Description of the task
Set down all of the data again, character for character.

Dataset entries

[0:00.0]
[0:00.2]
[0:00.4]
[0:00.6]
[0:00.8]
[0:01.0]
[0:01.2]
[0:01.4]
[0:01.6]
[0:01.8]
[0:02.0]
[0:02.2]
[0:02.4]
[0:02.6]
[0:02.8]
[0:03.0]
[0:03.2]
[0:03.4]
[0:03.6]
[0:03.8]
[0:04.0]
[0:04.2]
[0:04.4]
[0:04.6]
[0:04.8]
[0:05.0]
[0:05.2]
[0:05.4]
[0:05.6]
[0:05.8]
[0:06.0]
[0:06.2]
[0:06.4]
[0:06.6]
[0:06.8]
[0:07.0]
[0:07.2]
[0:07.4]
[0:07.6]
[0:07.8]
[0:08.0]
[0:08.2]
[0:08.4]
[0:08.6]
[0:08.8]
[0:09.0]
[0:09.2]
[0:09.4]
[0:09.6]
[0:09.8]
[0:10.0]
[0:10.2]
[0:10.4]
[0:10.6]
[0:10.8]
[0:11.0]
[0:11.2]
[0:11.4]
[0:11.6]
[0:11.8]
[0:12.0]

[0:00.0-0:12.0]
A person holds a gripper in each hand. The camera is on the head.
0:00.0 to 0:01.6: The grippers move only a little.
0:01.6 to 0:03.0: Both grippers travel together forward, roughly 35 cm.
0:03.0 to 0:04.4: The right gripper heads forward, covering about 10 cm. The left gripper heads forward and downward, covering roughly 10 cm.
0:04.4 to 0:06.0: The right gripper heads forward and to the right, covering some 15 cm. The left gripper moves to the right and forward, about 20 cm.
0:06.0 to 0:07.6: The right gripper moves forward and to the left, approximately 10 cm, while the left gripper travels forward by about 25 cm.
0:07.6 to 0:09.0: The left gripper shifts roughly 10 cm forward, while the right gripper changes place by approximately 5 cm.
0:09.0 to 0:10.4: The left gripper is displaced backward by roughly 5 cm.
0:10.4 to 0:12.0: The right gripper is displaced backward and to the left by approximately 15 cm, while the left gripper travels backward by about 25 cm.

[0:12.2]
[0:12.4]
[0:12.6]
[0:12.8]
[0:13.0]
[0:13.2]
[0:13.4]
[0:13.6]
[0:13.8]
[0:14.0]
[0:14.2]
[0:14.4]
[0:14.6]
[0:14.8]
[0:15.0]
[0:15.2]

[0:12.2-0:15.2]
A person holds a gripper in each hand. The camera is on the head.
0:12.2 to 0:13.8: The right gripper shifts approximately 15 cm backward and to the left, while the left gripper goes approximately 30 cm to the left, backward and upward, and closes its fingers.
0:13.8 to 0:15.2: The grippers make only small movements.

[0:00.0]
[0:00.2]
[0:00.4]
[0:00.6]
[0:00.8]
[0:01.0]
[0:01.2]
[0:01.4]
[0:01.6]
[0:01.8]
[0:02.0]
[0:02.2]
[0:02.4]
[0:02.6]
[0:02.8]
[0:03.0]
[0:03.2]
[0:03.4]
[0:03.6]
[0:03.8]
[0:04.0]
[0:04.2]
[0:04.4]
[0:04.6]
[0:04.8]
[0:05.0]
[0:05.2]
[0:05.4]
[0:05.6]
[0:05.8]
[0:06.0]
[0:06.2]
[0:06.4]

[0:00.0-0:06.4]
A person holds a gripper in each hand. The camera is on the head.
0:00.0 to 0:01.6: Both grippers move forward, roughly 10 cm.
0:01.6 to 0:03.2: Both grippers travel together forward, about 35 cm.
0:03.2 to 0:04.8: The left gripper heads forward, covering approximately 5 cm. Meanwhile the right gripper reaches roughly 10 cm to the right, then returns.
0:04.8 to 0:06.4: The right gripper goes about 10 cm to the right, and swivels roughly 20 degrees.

Result for this task
[0:00.0]
[0:00.2]
[0:00.4]
[0:00.6]
[0:00.8]
[0:01.0]
[0:01.2]
[0:01.4]
[0:01.6]
[0:01.8]
[0:02.0]
[0:02.2]
[0:02.4]
[0:02.6]
[0:02.8]
[0:03.0]
[0:03.2]
[0:03.4]
[0:03.6]
[0:03.8]
[0:04.0]
[0:04.2]
[0:04.4]
[0:04.6]
[0:04.8]
[0:05.0]
[0:05.2]
[0:05.4]
[0:05.6]
[0:05.8]
[0:06.0]
[0:06.2]
[0:06.4]
[0:06.6]
[0:06.8]
[0:07.0]
[0:07.2]
[0:07.4]
[0:07.6]
[0:07.8]
[0:08.0]
[0:08.2]
[0:08.4]
[0:08.6]
[0:08.8]
[0:09.0]
[0:09.2]
[0:09.4]
[0:09.6]
[0:09.8]
[0:10.0]
[0:10.2]
[0:10.4]
[0:10.6]
[0:10.8]
[0:11.0]
[0:11.2]
[0:11.4]
[0:11.6]
[0:11.8]
[0:12.0]

[0:00.0-0:12.0]
A person holds a gripper in each hand. The camera is on the head.
0:00.0 to 0:01.6: The grippers move only a little.
0:01.6 to 0:03.0: Both grippers travel together forward, roughly 35 cm.
0:03.0 to 0:04.4: The right gripper heads forward, covering about 10 cm. The left gripper heads forward and downward, covering roughly 10 cm.
0:04.4 to 0:06.0: The right gripper heads forward and to the right, covering some 15 cm. The left gripper moves to the right and forward, about 20 cm.
0:06.0 to 0:07.6: The right gripper moves forward and to the left, approximately 10 cm, while the left gripper travels forward by about 25 cm.
0:07.6 to 0:09.0: The left gripper shifts roughly 10 cm forward, while the right gripper changes place by approximately 5 cm.
0:09.0 to 0:10.4: The left gripper is displaced backward by roughly 5 cm.
0:10.4 to 0:12.0: The right gripper is displaced backward and to the left by approximately 15 cm, while the left gripper travels backward by about 25 cm.

[0:12.2]
[0:12.4]
[0:12.6]
[0:12.8]
[0:13.0]
[0:13.2]
[0:13.4]
[0:13.6]
[0:13.8]
[0:14.0]
[0:14.2]
[0:14.4]
[0:14.6]
[0:14.8]
[0:15.0]
[0:15.2]

[0:12.2-0:15.2]
A person holds a gripper in each hand. The camera is on the head.
0:12.2 to 0:13.8: The right gripper shifts approximately 15 cm backward and to the left, while the left gripper goes approximately 30 cm to the left, backward and upward, and closes its fingers.
0:13.8 to 0:15.2: The grippers make only small movements.

[0:00.0]
[0:00.2]
[0:00.4]
[0:00.6]
[0:00.8]
[0:01.0]
[0:01.2]
[0:01.4]
[0:01.6]
[0:01.8]
[0:02.0]
[0:02.2]
[0:02.4]
[0:02.6]
[0:02.8]
[0:03.0]
[0:03.2]
[0:03.4]
[0:03.6]
[0:03.8]
[0:04.0]
[0:04.2]
[0:04.4]
[0:04.6]
[0:04.8]
[0:05.0]
[0:05.2]
[0:05.4]
[0:05.6]
[0:05.8]
[0:06.0]
[0:06.2]
[0:06.4]

[0:00.0-0:06.4]
A person holds a gripper in each hand. The camera is on the head.
0:00.0 to 0:01.6: Both grippers move forward, roughly 10 cm.
0:01.6 to 0:03.2: Both grippers travel together forward, about 35 cm.
0:03.2 to 0:04.8: The left gripper heads forward, covering approximately 5 cm. Meanwhile the right gripper reaches roughly 10 cm to the right, then returns.
0:04.8 to 0:06.4: The right gripper goes about 10 cm to the right, and swivels roughly 20 degrees.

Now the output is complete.